The lack of a decrease in intraepidermal nerve fibers in the skin of the hindpaw of ZDSD rats along with thermal hypoalgesia was surprising. Decreased intraepidermal nerve fiber density has been widely reported to occur in rodent models of type 1 and type 2 diabetes including Zucker diabetic fatty rats and in humans with diabetes [29, 30]. We reported a correlation between decreased intraepidermal nerve fiber density and corneal nerve fiber density in type 2 diabetic rats [31]. It is not known whether the intraepidermal nerve fibers in ZDSD rats remain functionally normal. It is possible that the neuropeptide content of the intraepidermal nerve fibers in ZDSD rats is impaired. This could explain the decrease in thermal nociception in ZDSD rats even though the number of nerve fibers present in the skin is normal. Additional studies are needed to address this paradox.

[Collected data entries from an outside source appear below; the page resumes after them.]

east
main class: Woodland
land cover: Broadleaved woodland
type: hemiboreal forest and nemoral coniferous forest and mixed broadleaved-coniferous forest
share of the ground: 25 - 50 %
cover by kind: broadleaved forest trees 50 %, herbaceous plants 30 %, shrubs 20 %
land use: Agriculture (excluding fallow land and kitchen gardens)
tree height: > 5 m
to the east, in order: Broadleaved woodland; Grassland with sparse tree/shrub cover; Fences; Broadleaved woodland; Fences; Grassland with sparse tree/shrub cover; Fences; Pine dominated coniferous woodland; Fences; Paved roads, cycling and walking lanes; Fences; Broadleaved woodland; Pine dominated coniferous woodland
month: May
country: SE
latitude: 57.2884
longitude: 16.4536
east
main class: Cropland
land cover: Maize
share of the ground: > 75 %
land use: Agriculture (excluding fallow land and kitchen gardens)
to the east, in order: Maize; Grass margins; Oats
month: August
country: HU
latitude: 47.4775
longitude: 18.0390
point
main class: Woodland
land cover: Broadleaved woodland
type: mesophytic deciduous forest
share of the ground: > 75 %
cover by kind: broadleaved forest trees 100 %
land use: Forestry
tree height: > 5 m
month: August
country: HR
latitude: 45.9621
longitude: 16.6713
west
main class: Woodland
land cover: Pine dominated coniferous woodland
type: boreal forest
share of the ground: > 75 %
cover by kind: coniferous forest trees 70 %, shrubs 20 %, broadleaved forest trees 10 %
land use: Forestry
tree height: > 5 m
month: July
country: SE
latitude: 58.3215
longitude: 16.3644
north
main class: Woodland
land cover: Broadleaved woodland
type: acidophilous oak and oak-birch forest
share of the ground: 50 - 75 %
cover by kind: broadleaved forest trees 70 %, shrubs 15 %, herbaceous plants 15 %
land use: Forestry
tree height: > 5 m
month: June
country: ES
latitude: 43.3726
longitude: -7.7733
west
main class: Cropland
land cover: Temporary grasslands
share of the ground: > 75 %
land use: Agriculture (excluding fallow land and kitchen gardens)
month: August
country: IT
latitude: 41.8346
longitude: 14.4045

We have previously demonstrated that diabetes causes a significant decrease in vascular relaxation of epineurial arterioles in type 1 and type 2 diabetic rat models [57, 17, 21, 22, 26, 32, 33]. We have theorized that reduced vascular reactivity of these blood vessels that supply circulation to the sciatic nerve could be a contributing factor to the development of diabetic neuropathy since vascular impairment precedes slowing of nerve conduction velocity [6, 21]. In these studies we demonstrate that vascular relaxation of epineurial arterioles from ZDSD rats to acetylcholine (Figure 5) and calcitonin gene-related peptide (Figure 6) is significantly impaired compared to Sprague-Dawley rats. Vascular relaxation to acetylcholine by small coronary and mesenteric arteries was also examined using previously described methodology and was found to be impaired (data not shown) [34, 35].

4. Conclusions

Chronic hyperglycemia in ZDSD rats causes vascular and neural dysfunction that is similar to what we have documented in other diabetic rat models and consistent with the development of diabetic neuropathy [5, 6, 16, 21, 22, 26]. The one exception is that chronic hyperglycemia in ZDSD rat did not cause a decrease in intraepidermal nerve fibers in the skin as has been reported for other diabetic rat models but there was a decrease in Langerhans cells. Overall, the ZDSD rat is an easily maintained animal model for type 2 diabetes that spontaneously develops hyperglycemia with dietary manipulation. This is followed by the development of diabetic neuropathy including loss of nerves in the subbasal epithelial layer of the cornea and decrease in corneal function. Since determination of cornea nerve density and function are noninvasive and surrogate markers for diabetic neuropathy, the ZDSD rat with its functional leptin pathway may be a good model for preclinical testing of treatments for diabetic neuropathy [19].

Conflict of Interests

Richard G. Peterson is the developer of the ZDSD rat and could gain financially as a result of the marketing of this animal model. The other authors declare that there is no conflict of interests regarding the publication of this paper.

Acknowledgments

This material is based upon work supported in part by the Department of Veterans Affairs, Veterans Health Administration, Office of Research and Development, Biomedical Laboratory Research and Development (Merit Award BX001680), and Rehabilitation Research and Development (Merit Award: RX000889-01 and Center of Excellence: C9251-C). The content of this paper is new and is solely the responsibility of the authors and does not necessarily represent the official views of the granting agencies. The authors would like to acknowledge PreClinOmics Inc. (Indianapolis, IN), for providing the ZDSD rats.